===== Materials provided =====

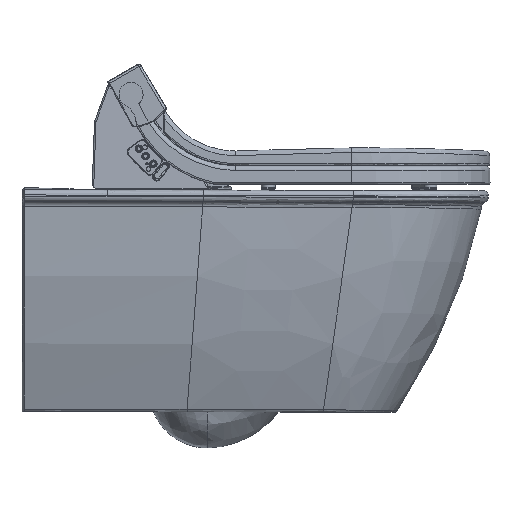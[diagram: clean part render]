
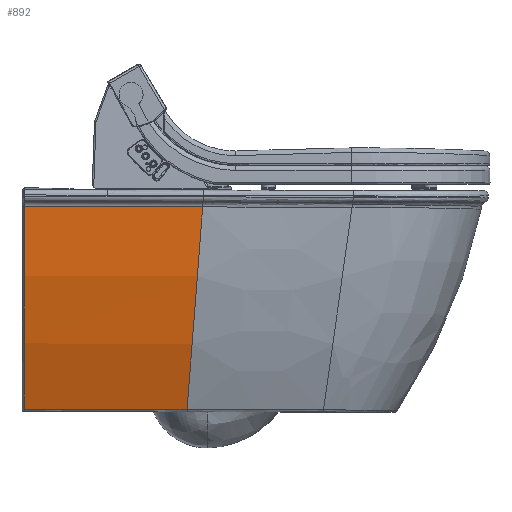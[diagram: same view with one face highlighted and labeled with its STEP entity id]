
A CAD part, front view. The second image highlights one B-rep face of the part: STEP entity #892.
In plain terms, the highlighted free-form (B-spline) face has degree [5, 1] with [6, 2] control points.
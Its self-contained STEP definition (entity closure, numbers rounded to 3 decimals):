
#128=CARTESIAN_POINT('',(3.,-121.02,-291.846));
#129=VERTEX_POINT('',#128);
#154=CARTESIAN_POINT('',(219.594,-121.008,-291.815));
#155=VERTEX_POINT('',#154);
#163=CARTESIAN_POINT('',(219.594,-121.008,-291.815));
#164=CARTESIAN_POINT('',(147.396,-121.012,-291.825));
#165=CARTESIAN_POINT('',(75.198,-121.016,-291.835));
#166=CARTESIAN_POINT('',(3.,-121.02,-291.846));
#167=B_SPLINE_CURVE_WITH_KNOTS('',3,(#163,#164,#165,#166),.UNSPECIFIED.,.F.,.U.,(4,4),(-21.685,-0.025),.UNSPECIFIED.);
#168=EDGE_CURVE('',#155,#129,#167,.T.);
#800=CARTESIAN_POINT('',(3.,-173.944,-22.356));
#801=VERTEX_POINT('',#800);
#802=CARTESIAN_POINT('',(3.,-173.944,-22.356));
#803=CARTESIAN_POINT('',(3.,-173.915,-25.278));
#804=CARTESIAN_POINT('',(3.,-173.87,-28.2));
#805=CARTESIAN_POINT('',(3.,-173.744,-34.042));
#806=CARTESIAN_POINT('',(3.,-173.664,-36.963));
#807=CARTESIAN_POINT('',(3.,-173.374,-45.72));
#808=CARTESIAN_POINT('',(3.,-173.112,-51.555));
#809=CARTESIAN_POINT('',(3.,-172.123,-69.026));
#810=CARTESIAN_POINT('',(3.,-171.194,-80.649));
#811=CARTESIAN_POINT('',(3.,-167.604,-115.319));
#812=CARTESIAN_POINT('',(3.,-164.147,-138.268));
#813=CARTESIAN_POINT('',(3.,-155.1,-183.849));
#814=CARTESIAN_POINT('',(3.,-149.509,-206.455));
#815=CARTESIAN_POINT('',(3.,-139.553,-239.939));
#816=CARTESIAN_POINT('',(3.,-135.971,-251.034));
#817=CARTESIAN_POINT('',(3.,-130.203,-267.57));
#818=CARTESIAN_POINT('',(3.,-128.21,-273.075));
#819=CARTESIAN_POINT('',(3.,-124.484,-283.002));
#820=CARTESIAN_POINT('',(3.,-122.773,-287.432));
#821=CARTESIAN_POINT('',(3.,-121.02,-291.846));
#822=B_SPLINE_CURVE_WITH_KNOTS('',3,(#802,#803,#804,#805,#806,#807,#808,#809,#810,#811,#812,#813,#814,#815,#816,#817,#818,#819,#820,#821),.UNSPECIFIED.,.F.,.U.,(4,2,2,2,2,2,2,2,2,4),(-27.962,-27.085,-26.209,-24.457,-20.959,-14.,-7.018,-3.521,-1.764,-0.34),.UNSPECIFIED.);
#823=EDGE_CURVE('',#801,#129,#822,.T.);
#858=CARTESIAN_POINT('',(3.,-173.944,-22.356));
#859=CARTESIAN_POINT('',(2.948,-173.399,-78.016));
#860=CARTESIAN_POINT('',(2.896,-167.691,-133.648));
#861=CARTESIAN_POINT('',(2.846,-156.832,-187.697));
#862=CARTESIAN_POINT('',(2.796,-141.556,-240.138));
#863=CARTESIAN_POINT('',(2.746,-121.02,-291.846));
#864=CARTESIAN_POINT('',(239.856,-171.942,-22.351));
#865=CARTESIAN_POINT('',(235.709,-171.801,-77.997));
#866=CARTESIAN_POINT('',(231.562,-166.497,-133.623));
#867=CARTESIAN_POINT('',(227.512,-156.034,-187.674));
#868=CARTESIAN_POINT('',(223.55,-141.145,-240.123));
#869=CARTESIAN_POINT('',(219.592,-120.996,-291.845));
#870=B_SPLINE_SURFACE_WITH_KNOTS('',5,1,((#858,#864),(#859,#865),(#860,#866),(#861,#867),(#862,#868),(#863,#869)),.UNSPECIFIED.,.F.,.F.,.U.,(6,6),(2,2),(0.0,277.206),(-217.955,8.685),.UNSPECIFIED.);
#871=ORIENTED_EDGE('',*,*,#168,.F.);
#872=CARTESIAN_POINT('',(239.856,-171.942,-22.351));
#873=VERTEX_POINT('',#872);
#874=CARTESIAN_POINT('',(239.856,-171.942,-22.351));
#875=CARTESIAN_POINT('',(235.709,-171.801,-77.991));
#876=CARTESIAN_POINT('',(231.563,-166.498,-133.61));
#877=CARTESIAN_POINT('',(227.513,-156.038,-187.655));
#878=CARTESIAN_POINT('',(223.552,-141.152,-240.098));
#879=CARTESIAN_POINT('',(219.594,-121.008,-291.815));
#880=B_SPLINE_CURVE_WITH_KNOTS('',5,(#874,#875,#876,#877,#878,#879),.UNSPECIFIED.,.F.,.U.,(6,6),(0.0,278.633),.UNSPECIFIED.);
#881=EDGE_CURVE('',#873,#155,#880,.T.);
#882=ORIENTED_EDGE('',*,*,#881,.F.);
#883=CARTESIAN_POINT('',(3.,-173.944,-22.356));
#884=DIRECTION('',(1.,0.008,0.));
#885=VECTOR('',#884,236.864);
#886=LINE('',#883,#885);
#887=EDGE_CURVE('',#801,#873,#886,.T.);
#888=ORIENTED_EDGE('',*,*,#887,.F.);
#889=ORIENTED_EDGE('',*,*,#823,.T.);
#890=EDGE_LOOP('',(#871,#882,#888,#889));
#891=FACE_OUTER_BOUND('',#890,.T.);
#892=ADVANCED_FACE('',(#891),#870,.T.);

=====

* **Directions for this task**
Only those lines of the entries above that run from the line containing "#129=VERTEX_POINT('',#128);" to the line containing "#809=CARTESIAN_POINT('',(3.,-172.123,-69.026));", both included, should be transcribed exactly.

* **Solution for this exercise**
#129=VERTEX_POINT('',#128);
#154=CARTESIAN_POINT('',(219.594,-121.008,-291.815));
#155=VERTEX_POINT('',#154);
#163=CARTESIAN_POINT('',(219.594,-121.008,-291.815));
#164=CARTESIAN_POINT('',(147.396,-121.012,-291.825));
#165=CARTESIAN_POINT('',(75.198,-121.016,-291.835));
#166=CARTESIAN_POINT('',(3.,-121.02,-291.846));
#167=B_SPLINE_CURVE_WITH_KNOTS('',3,(#163,#164,#165,#166),.UNSPECIFIED.,.F.,.U.,(4,4),(-21.685,-0.025),.UNSPECIFIED.);
#168=EDGE_CURVE('',#155,#129,#167,.T.);
#800=CARTESIAN_POINT('',(3.,-173.944,-22.356));
#801=VERTEX_POINT('',#800);
#802=CARTESIAN_POINT('',(3.,-173.944,-22.356));
#803=CARTESIAN_POINT('',(3.,-173.915,-25.278));
#804=CARTESIAN_POINT('',(3.,-173.87,-28.2));
#805=CARTESIAN_POINT('',(3.,-173.744,-34.042));
#806=CARTESIAN_POINT('',(3.,-173.664,-36.963));
#807=CARTESIAN_POINT('',(3.,-173.374,-45.72));
#808=CARTESIAN_POINT('',(3.,-173.112,-51.555));
#809=CARTESIAN_POINT('',(3.,-172.123,-69.026));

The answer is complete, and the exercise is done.